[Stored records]
☆ ☆ ☆
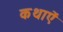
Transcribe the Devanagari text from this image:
कथाऐं
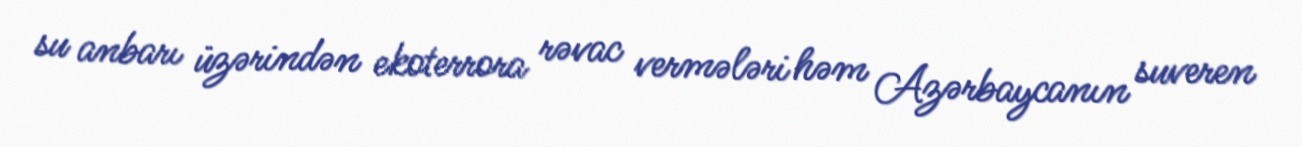
su anbarı üzərindən ekoterrora rəvac vermələri həm Azərbaycanın suveren
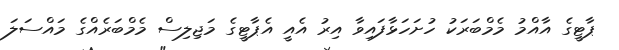
ޕާޓީގެ އާއްމު މެމްބަރަކު ހުށަހަޅާފައިވާ އިރު އެއީ އެޕާޓީގެ މަޖިލިސް މެމްބަރެއްގެ މައްސަލަ
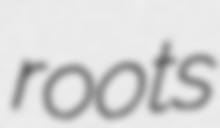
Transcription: roots
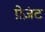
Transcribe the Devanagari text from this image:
प्रेज़ंट
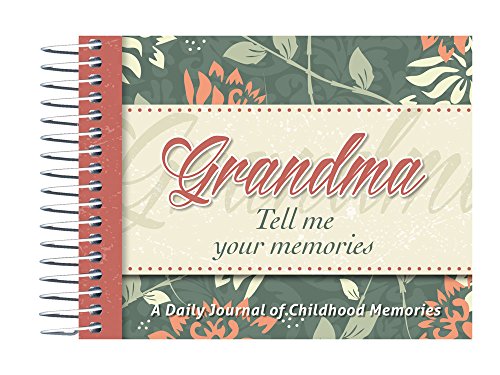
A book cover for Grandma, Tell Me Your Memories; Kathy Lashier; Parenting & Relationships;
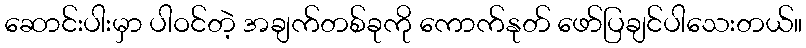
ဆောင်းပါးမှာ ပါဝင်တဲ့ အချက်တစ်ခုကို ကောက်နုတ် ဖော်ပြချင်ပါသေးတယ်။
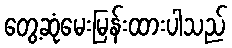
တွေ့ဆုံမေးမြန်းထားပါသည်
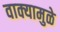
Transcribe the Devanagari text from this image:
वाक्यामुळे
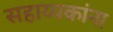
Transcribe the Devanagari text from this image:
सहाय्यकांना
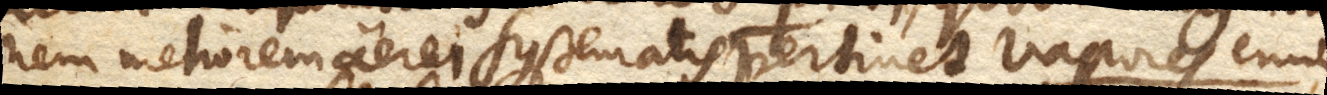
nem meliorem aerei systematis pertinet. Vapores enim
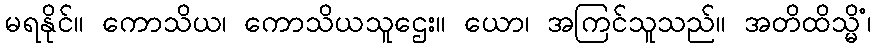
မရနိုင်။ ကောသိယ၊ ကောသိယသူဌေး။ ယော၊ အကြင်သူသည်။ အတိထိသ္မိံ၊
☆ ☆ ☆
## About this task
Give the data again exactly. Keep the images out.

## Your solution
Transcribe the Devanagari text from this image:
कथाऐं
su anbarı üzərindən ekoterrora rəvac vermələri həm Azərbaycanın suveren
ޕާޓީގެ އާއްމު މެމްބަރަކު ހުށަހަޅާފައިވާ އިރު އެއީ އެޕާޓީގެ މަޖިލިސް މެމްބަރެއްގެ މައްސަލަ
Transcription: roots
Transcribe the Devanagari text from this image:
प्रेज़ंट
A book cover for Grandma, Tell Me Your Memories; Kathy Lashier; Parenting & Relationships;
ဆောင်းပါးမှာ ပါဝင်တဲ့ အချက်တစ်ခုကို ကောက်နုတ် ဖော်ပြချင်ပါသေးတယ်။
တွေ့ဆုံမေးမြန်းထားပါသည်
Transcribe the Devanagari text from this image:
वाक्यामुळे
Transcribe the Devanagari text from this image:
सहाय्यकांना
nem meliorem aerei systematis pertinet. Vapores enim
မရနိုင်။ ကောသိယ၊ ကောသိယသူဌေး။ ယော၊ အကြင်သူသည်။ အတိထိသ္မိံ၊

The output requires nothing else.